The tactics used by the Mujahedeen and their ultimate success in defeating the Soviet occupation, got Temple wondering how the two enemies compared - old and new – Soviets and Taliban.

The major answered the Taliban are tougher opponents. So, Temple asked him how Coalition forces can defeat the Taliban.

“First thing, we should remove corruption and the second thing people - the Afghanistan population – are not satisfied with the government,” Shah said. “Third thing, we should have unity with the coalition forces, the ANA (Afghan National Army), the ANP (Afghan National Police), everybody, we should have unity.”

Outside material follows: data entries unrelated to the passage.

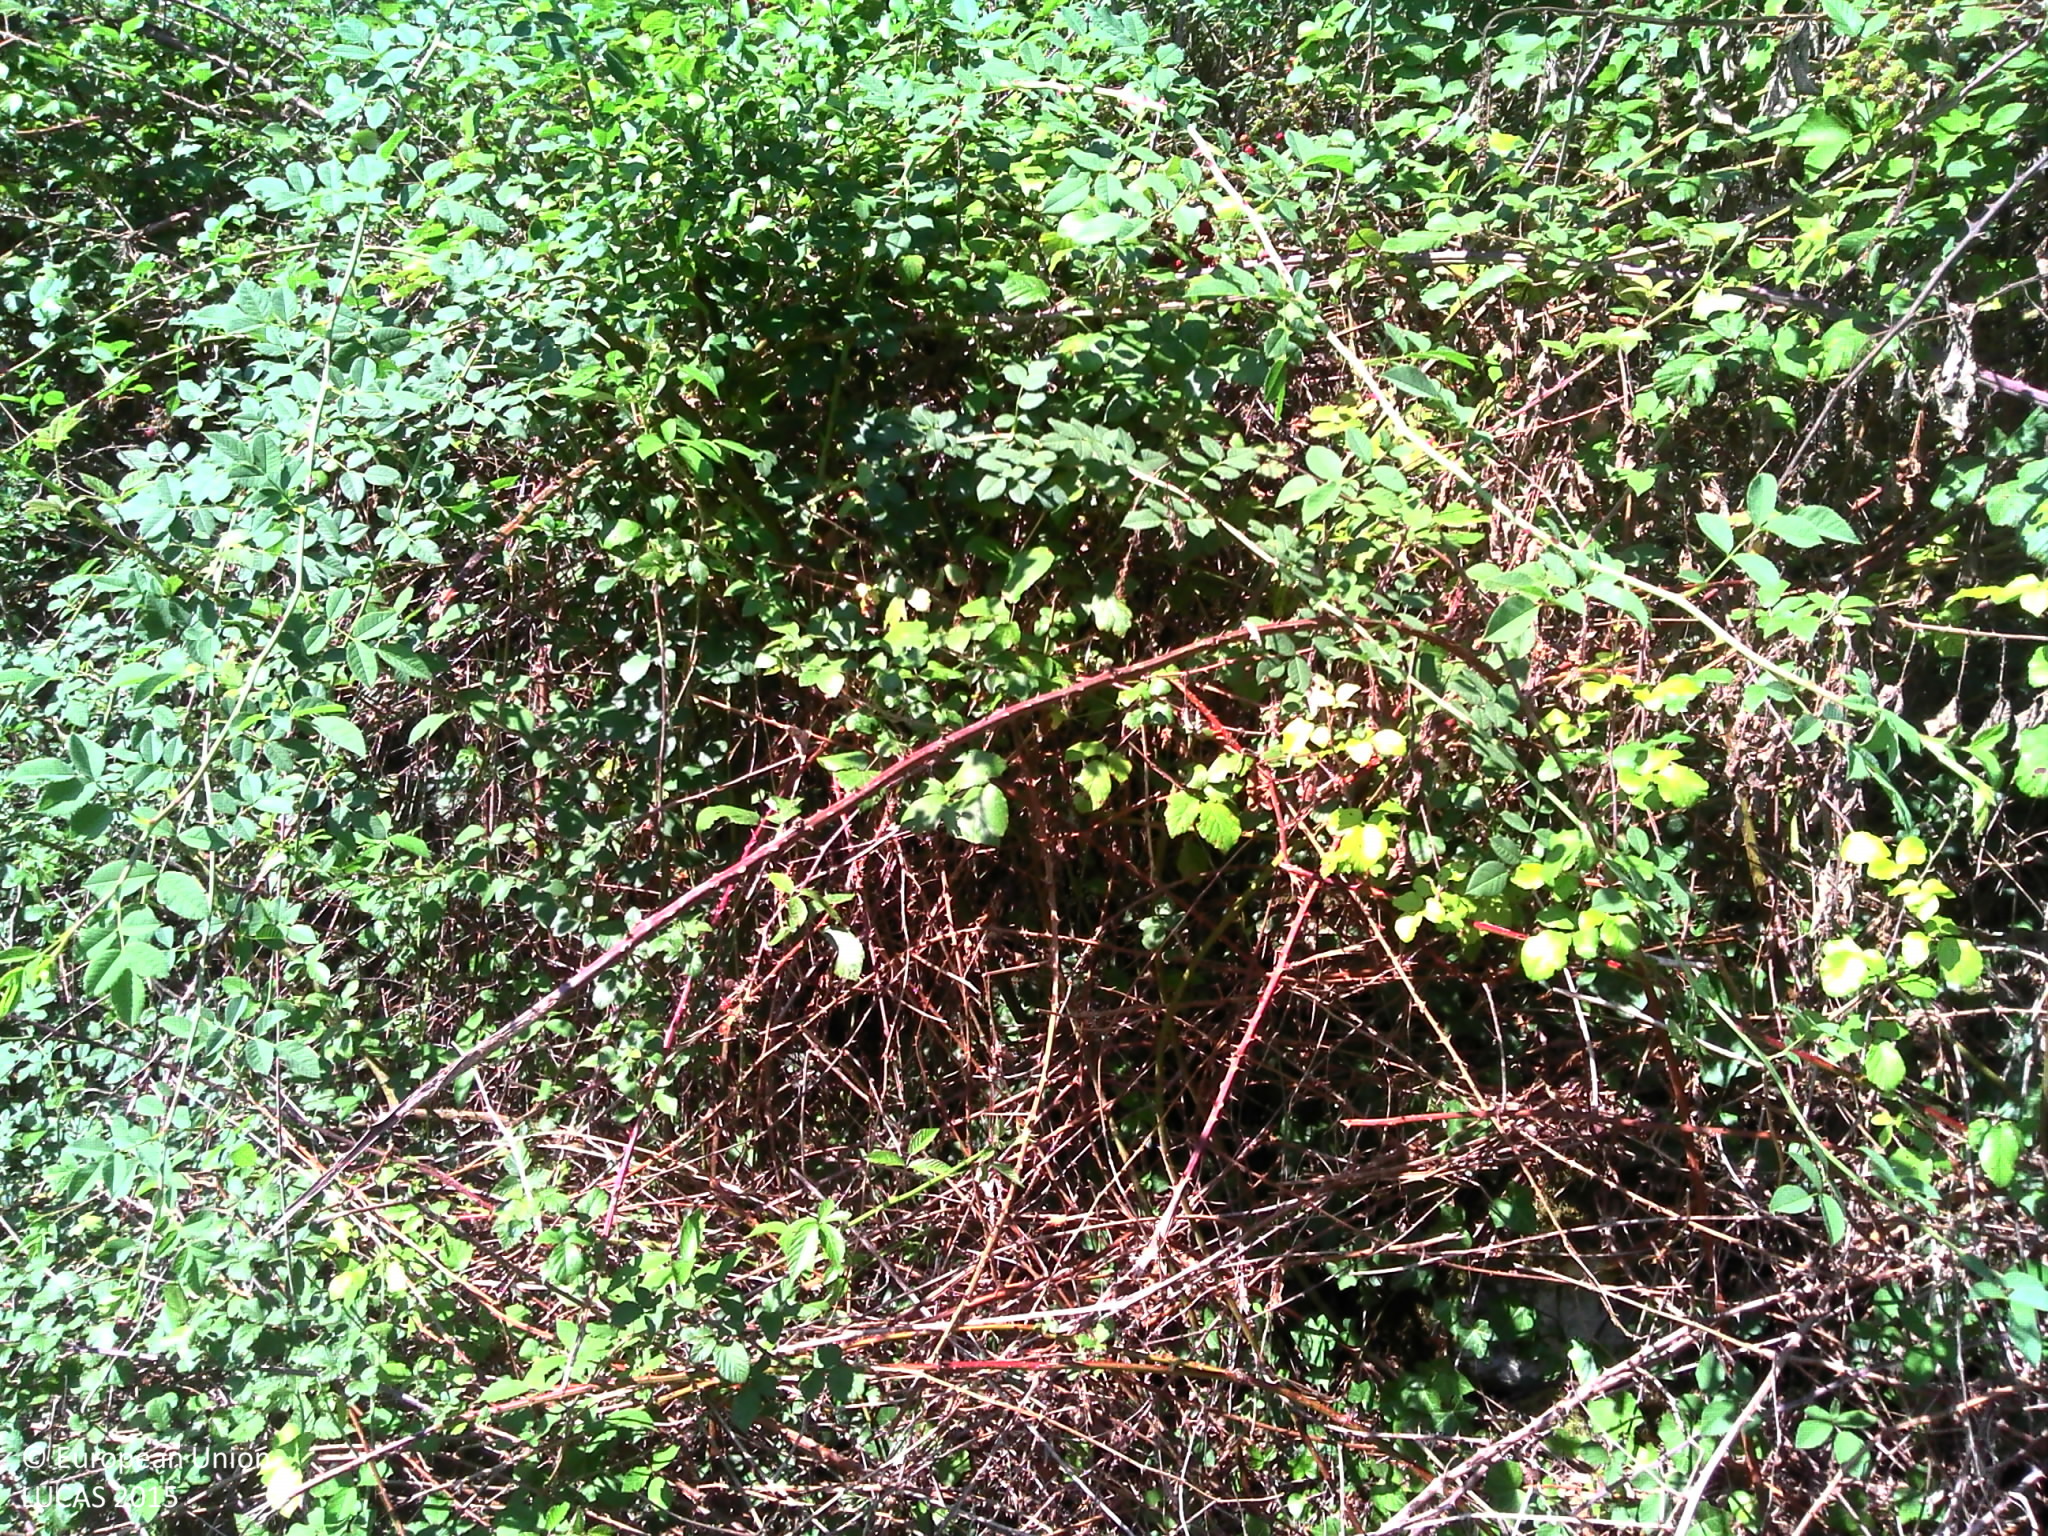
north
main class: Woodland
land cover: Broadleaved woodland
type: acidophilous oak and oak-birch forest
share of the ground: > 75 %
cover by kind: broadleaved forest trees 40 %, shrubs 30 %, herbaceous plants 20 %, unconsolidated bare surface 10 %
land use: Forestry
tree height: > 5 m
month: August
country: FR
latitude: 45.3943
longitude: 0.4194

Temple asked the former commander what he thinks will happen if U.S. troops begin withdrawing in July 2011 as directed by President Barrack Obama.
“As long as we don’t have unity and as long as we’re not equipped with stuff like weapons, we want the coalition forces to stay here because their security and our security,” Shah said. “So we need good government, after that the U.S. should withdraw their troops. It’s not good to withdraw troops by 2011 we want them to stay here more.”

At the end of their conversation, Major Shah brought SMSgt. Temple a 32-calibor pistol and gingerly placed it in his hands. The gun wasn’t anything special to look at. But, Shah told Temple this was the pistol Massoud presented to him the day he shot down the five Soviet helicopters.

It was a gesture that made Temple realize the true value of the pistol and the friendship he’d forged with the former Mujahedeen fighter.